(Records supplied)

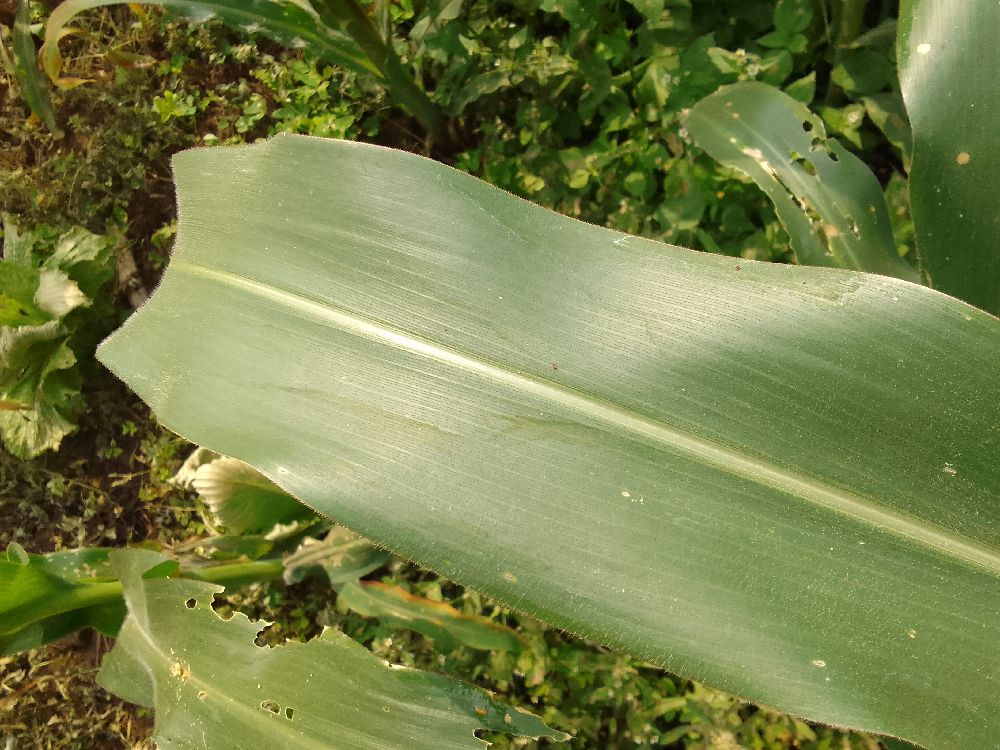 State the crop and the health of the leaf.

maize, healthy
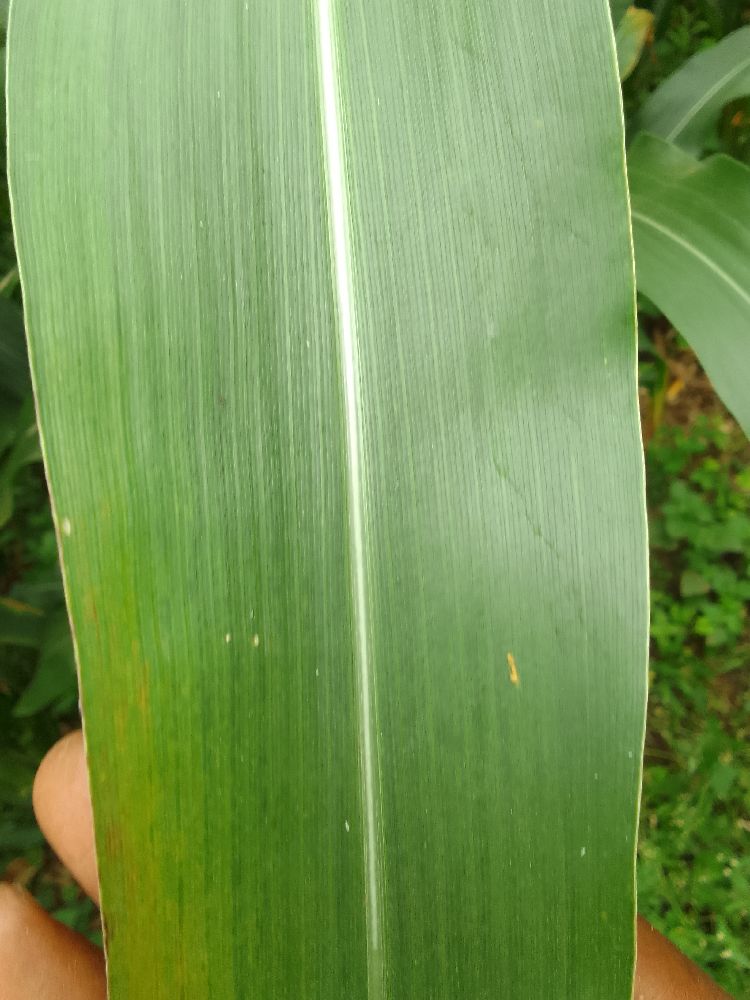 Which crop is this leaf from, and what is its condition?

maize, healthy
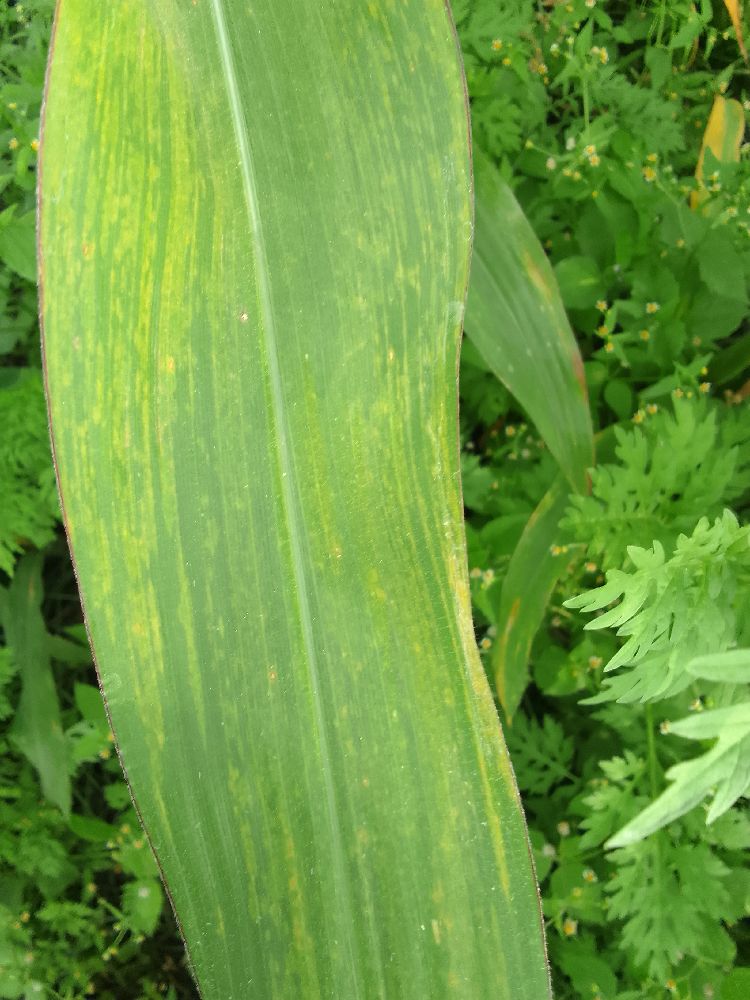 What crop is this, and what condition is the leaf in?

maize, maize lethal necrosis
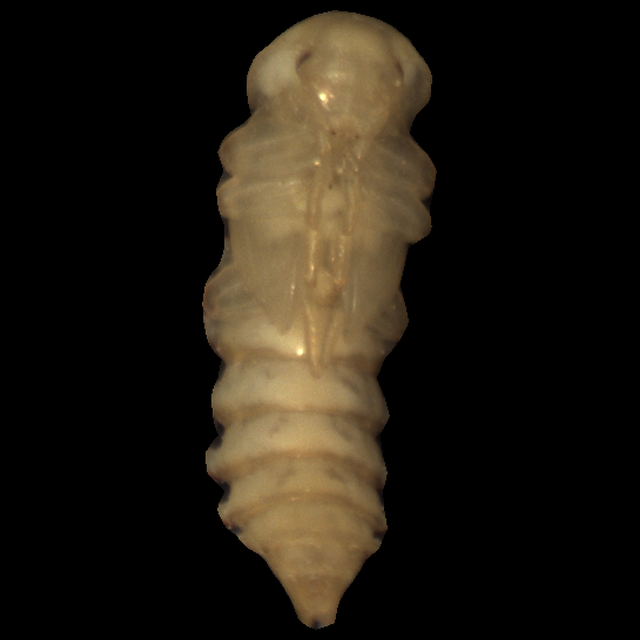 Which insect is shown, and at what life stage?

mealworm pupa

(End Records supplied)

▶ _Exercise details_:
What is needed is an exact repeat of every entry above, with the pictures left out.

▶ _Expected answer_:
 State the crop and the health of the leaf.

maize, healthy
 Which crop is this leaf from, and what is its condition?

maize, healthy
 What crop is this, and what condition is the leaf in?

maize, maize lethal necrosis
 Which insect is shown, and at what life stage?

mealworm pupa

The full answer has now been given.